However, Fischer (2006) outlined numerous claims and arguments which indicate the necessity for a distributed intelligence perspective, including:

- human mental activity is neither solo nor conducted unassisted, even when it goes “inside the head” [Bruner, 1996];
- “how the mind works” is itself dependent on the tools at its disposal (analogous to “how the hand works” not being fully appreciated unless one takes into account whether it is equipped with a screwdriver, a hammer, or a pair of scissors) [Bruner, 1996];
- brain-culture symbiosis, which states that the human brain cannot realize its potential unless it is immersed in a distribution network [Donald, 2004]. This brain-culture symbiosis can lead to “higher intelligence” with the support of “mind tools” that allow people to think previously unthinkable thoughts by integrating the raw intellectual power of the human brain with appropriate technologies; and
- material culture, which externalizes memory and greatly amplifies the permanence and power of distributed cognition, and frees the symbolization process from the limitations of biological memory [Donald, 2004].

In the figure below, Fischer shows the extent to which distributed intelligence has helped in the development of the human mind. 

It can be applied into any area of speciality.

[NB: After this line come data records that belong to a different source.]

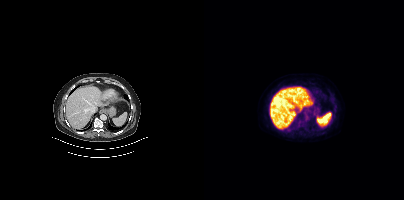
Findings: No tumor lesions annotated on this slice.
- Left: CT. Right: PSMA PET, same axial level, 18F tracer
- slice position z = -450 mm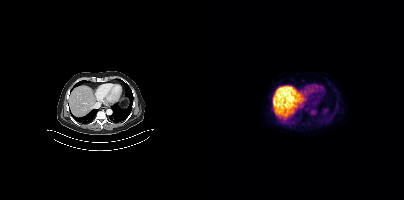
Negative for PSMA-avid disease on this slice.
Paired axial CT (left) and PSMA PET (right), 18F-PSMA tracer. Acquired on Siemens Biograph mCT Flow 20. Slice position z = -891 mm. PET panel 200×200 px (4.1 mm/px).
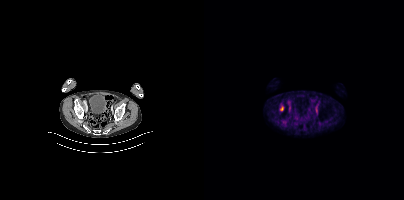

For instance in a class where the teacher introduces a new topic/concept (from the trending issues in building technology) say Green Building. The concept of Distributed Intelligence can be employed by asking everyone to make a research and write a five page article on the topic. The submitted articles will be presented and reviewed peer-to-peer. 

The opportunity given to the students will leave them being producers of knowledge each in his/her capacity. Those with abilities to write will focus on writing amazing discoveries, while those who are good with technical details could end up concentrating on the things in that line. But assuredly, at the end of the exercise, it will be amazing how much artifact that could be produced from each person's contribution. This will in no small measure validate distributed intelligence where unity of mind/abilities stands stronger than alone. 

Furthermore, artifacts have been identified as a proof of learning. These artifacts which result from internal motivations (such as proving oneself) present external representations (a show of how better we have become). Fischer (2006) suggests that in order to support distributed intelligence effectively, we need criteria to assess the quality, learnability, and effectiveness of external representation, including the following attributes:

- long-lasting (not ephemeral), allowing incremental improvements over time;
produced, modified, reproduced, and evolved not only by experts or technologists, but by the owners of the problem;
- communicable over spatial, temporal, and conceptual distances;
- possessing computational capabilities (e.g., support for multimodal representations, or context-awareness of users, tasks, and situated environments); and
- exploiting and complementing the strength of humans (e.g., sometimes visualizations make a big difference and sometimes they do not).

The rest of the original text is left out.